> _About this task_:
Which lines of the records contain the word "Letters"? Copy each one.

> _Data for this task_:
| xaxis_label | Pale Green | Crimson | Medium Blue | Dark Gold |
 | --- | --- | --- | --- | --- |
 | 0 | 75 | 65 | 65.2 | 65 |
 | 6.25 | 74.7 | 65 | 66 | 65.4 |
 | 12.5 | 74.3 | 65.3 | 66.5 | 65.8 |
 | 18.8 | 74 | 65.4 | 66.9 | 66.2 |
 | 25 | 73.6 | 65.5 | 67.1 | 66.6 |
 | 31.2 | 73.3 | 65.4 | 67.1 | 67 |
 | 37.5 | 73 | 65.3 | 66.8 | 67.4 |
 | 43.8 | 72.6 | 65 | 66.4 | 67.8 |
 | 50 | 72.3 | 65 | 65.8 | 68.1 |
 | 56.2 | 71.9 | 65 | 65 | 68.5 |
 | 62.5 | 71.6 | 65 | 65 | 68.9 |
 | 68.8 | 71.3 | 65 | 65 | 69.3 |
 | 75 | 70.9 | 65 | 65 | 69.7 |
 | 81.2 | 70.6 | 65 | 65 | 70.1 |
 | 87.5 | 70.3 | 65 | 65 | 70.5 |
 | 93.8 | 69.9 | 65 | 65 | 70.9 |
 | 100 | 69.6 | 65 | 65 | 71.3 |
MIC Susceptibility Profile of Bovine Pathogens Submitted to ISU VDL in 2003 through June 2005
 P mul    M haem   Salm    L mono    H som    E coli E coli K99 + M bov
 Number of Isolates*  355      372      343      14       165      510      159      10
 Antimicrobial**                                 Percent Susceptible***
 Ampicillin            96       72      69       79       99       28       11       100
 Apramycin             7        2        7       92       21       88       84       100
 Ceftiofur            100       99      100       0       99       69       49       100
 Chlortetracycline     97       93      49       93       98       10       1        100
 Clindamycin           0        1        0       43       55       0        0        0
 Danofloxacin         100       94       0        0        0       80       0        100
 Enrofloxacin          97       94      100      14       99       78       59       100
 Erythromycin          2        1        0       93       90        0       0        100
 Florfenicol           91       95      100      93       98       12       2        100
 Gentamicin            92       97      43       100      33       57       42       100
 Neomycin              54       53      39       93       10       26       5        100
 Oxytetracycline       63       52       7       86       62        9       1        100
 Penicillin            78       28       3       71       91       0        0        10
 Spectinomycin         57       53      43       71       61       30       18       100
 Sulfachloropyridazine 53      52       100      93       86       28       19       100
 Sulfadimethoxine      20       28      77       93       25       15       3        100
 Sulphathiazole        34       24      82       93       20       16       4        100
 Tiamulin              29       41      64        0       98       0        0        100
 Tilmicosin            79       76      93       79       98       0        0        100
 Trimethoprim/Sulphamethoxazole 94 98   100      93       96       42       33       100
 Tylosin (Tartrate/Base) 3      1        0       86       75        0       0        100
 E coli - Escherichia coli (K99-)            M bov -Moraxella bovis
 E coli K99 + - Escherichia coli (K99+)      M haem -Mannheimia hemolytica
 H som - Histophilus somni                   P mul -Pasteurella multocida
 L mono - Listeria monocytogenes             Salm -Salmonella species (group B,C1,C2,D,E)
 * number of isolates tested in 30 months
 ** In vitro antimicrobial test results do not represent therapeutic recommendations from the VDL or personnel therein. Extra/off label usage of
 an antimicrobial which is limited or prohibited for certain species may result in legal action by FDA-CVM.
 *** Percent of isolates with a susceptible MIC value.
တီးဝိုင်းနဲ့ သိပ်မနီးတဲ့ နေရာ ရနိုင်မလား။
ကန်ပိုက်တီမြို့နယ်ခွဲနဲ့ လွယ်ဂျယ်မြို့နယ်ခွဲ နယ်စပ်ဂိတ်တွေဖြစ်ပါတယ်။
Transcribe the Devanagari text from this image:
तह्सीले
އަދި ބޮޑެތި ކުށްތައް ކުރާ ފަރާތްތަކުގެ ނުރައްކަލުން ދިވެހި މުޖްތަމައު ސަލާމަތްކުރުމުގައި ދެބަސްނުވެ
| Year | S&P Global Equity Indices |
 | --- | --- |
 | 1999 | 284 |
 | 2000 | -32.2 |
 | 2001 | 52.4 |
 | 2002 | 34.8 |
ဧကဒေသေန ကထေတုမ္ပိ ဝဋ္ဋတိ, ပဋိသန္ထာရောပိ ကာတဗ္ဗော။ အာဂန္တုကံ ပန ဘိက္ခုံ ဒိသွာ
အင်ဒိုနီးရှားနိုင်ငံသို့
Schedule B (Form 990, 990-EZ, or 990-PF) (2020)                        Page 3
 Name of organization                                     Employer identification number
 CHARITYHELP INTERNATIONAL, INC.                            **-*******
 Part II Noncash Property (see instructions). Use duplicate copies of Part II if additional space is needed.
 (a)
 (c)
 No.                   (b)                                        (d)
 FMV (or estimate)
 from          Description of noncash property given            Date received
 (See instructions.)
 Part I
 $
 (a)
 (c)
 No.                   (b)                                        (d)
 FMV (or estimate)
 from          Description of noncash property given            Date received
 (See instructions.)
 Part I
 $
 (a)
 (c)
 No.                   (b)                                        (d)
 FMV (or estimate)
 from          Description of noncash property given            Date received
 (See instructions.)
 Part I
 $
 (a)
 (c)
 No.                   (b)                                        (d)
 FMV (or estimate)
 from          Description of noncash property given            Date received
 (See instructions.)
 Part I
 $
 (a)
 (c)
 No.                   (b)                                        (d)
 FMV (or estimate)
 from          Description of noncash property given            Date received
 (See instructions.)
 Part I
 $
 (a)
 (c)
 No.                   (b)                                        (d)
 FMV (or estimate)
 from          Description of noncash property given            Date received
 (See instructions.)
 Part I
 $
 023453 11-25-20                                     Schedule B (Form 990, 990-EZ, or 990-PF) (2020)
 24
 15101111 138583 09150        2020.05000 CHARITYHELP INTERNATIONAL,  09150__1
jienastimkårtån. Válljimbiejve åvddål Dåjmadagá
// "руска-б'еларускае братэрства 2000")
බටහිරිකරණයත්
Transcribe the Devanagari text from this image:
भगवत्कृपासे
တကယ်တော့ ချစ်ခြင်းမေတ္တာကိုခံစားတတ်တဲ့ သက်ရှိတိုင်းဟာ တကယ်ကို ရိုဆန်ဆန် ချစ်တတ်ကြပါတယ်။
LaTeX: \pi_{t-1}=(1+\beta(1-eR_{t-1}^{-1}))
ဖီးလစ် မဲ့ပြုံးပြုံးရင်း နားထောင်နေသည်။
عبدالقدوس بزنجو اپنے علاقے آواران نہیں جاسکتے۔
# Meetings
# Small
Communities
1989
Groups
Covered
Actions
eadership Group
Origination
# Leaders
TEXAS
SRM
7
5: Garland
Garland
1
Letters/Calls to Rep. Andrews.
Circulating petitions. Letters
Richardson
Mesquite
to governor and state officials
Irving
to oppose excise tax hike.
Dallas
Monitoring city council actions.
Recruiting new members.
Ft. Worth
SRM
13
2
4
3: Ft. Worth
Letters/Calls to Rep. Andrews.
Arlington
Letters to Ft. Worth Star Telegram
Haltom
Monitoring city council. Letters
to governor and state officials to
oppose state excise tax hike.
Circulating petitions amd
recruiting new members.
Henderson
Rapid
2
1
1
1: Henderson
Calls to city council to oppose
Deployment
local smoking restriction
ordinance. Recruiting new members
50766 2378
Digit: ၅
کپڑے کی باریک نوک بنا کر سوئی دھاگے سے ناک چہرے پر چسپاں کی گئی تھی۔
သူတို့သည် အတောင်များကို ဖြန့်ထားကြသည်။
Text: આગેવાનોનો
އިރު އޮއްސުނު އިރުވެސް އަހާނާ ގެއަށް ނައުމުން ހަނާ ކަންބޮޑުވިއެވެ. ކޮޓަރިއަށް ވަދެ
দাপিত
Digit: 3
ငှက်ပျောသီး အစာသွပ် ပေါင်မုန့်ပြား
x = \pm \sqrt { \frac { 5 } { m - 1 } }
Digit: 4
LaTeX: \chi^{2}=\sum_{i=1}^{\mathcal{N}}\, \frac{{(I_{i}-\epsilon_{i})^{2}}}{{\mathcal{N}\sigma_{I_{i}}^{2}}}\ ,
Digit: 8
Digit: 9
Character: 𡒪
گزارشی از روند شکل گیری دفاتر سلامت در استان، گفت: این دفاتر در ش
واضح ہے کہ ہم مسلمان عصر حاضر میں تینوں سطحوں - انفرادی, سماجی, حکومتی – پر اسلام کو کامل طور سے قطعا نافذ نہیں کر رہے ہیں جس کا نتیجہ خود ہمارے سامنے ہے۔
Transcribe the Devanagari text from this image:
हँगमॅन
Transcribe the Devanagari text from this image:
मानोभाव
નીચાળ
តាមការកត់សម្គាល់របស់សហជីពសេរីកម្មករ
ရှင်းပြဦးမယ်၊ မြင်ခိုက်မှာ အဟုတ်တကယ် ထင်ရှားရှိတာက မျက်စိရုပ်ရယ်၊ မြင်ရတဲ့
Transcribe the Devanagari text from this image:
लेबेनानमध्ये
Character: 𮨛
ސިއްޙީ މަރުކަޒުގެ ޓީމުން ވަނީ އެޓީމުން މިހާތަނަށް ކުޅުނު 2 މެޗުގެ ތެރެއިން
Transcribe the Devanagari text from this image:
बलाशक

> _Response for this exercise_:
Letters/Calls to Rep. Andrews.
Circulating petitions. Letters
Letters/Calls to Rep. Andrews.
Letters to Ft. Worth Star Telegram
Monitoring city council. Letters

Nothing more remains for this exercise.